▶ **Task prompt**
Print every record exactly.

Given data START

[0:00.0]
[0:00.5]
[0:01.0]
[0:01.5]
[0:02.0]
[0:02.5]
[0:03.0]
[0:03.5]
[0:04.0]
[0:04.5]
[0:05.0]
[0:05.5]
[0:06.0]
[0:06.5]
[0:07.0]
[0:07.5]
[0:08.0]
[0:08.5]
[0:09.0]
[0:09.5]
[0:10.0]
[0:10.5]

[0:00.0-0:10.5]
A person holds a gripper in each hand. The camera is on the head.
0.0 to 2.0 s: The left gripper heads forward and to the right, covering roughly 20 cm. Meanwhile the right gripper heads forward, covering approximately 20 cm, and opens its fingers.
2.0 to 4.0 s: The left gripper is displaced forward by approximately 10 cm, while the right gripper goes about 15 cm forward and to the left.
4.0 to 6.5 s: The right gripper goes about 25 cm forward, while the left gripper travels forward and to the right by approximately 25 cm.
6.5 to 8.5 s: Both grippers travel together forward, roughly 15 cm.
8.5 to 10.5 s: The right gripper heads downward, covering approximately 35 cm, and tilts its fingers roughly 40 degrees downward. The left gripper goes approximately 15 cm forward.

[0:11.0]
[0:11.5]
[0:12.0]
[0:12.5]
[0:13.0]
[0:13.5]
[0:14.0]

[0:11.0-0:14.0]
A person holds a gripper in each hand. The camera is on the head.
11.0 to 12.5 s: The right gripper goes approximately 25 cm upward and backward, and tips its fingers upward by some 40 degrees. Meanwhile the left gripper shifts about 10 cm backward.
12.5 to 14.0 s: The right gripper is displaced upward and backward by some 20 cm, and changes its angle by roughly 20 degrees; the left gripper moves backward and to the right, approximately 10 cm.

Given data END

▶ **Exercise solution**
[0:00.0]
[0:00.5]
[0:01.0]
[0:01.5]
[0:02.0]
[0:02.5]
[0:03.0]
[0:03.5]
[0:04.0]
[0:04.5]
[0:05.0]
[0:05.5]
[0:06.0]
[0:06.5]
[0:07.0]
[0:07.5]
[0:08.0]
[0:08.5]
[0:09.0]
[0:09.5]
[0:10.0]
[0:10.5]

[0:00.0-0:10.5]
A person holds a gripper in each hand. The camera is on the head.
0.0 to 2.0 s: The left gripper heads forward and to the right, covering roughly 20 cm. Meanwhile the right gripper heads forward, covering approximately 20 cm, and opens its fingers.
2.0 to 4.0 s: The left gripper is displaced forward by approximately 10 cm, while the right gripper goes about 15 cm forward and to the left.
4.0 to 6.5 s: The right gripper goes about 25 cm forward, while the left gripper travels forward and to the right by approximately 25 cm.
6.5 to 8.5 s: Both grippers travel together forward, roughly 15 cm.
8.5 to 10.5 s: The right gripper heads downward, covering approximately 35 cm, and tilts its fingers roughly 40 degrees downward. The left gripper goes approximately 15 cm forward.

[0:11.0]
[0:11.5]
[0:12.0]
[0:12.5]
[0:13.0]
[0:13.5]
[0:14.0]

[0:11.0-0:14.0]
A person holds a gripper in each hand. The camera is on the head.
11.0 to 12.5 s: The right gripper goes approximately 25 cm upward and backward, and tips its fingers upward by some 40 degrees. Meanwhile the left gripper shifts about 10 cm backward.
12.5 to 14.0 s: The right gripper is displaced upward and backward by some 20 cm, and changes its angle by roughly 20 degrees; the left gripper moves backward and to the right, approximately 10 cm.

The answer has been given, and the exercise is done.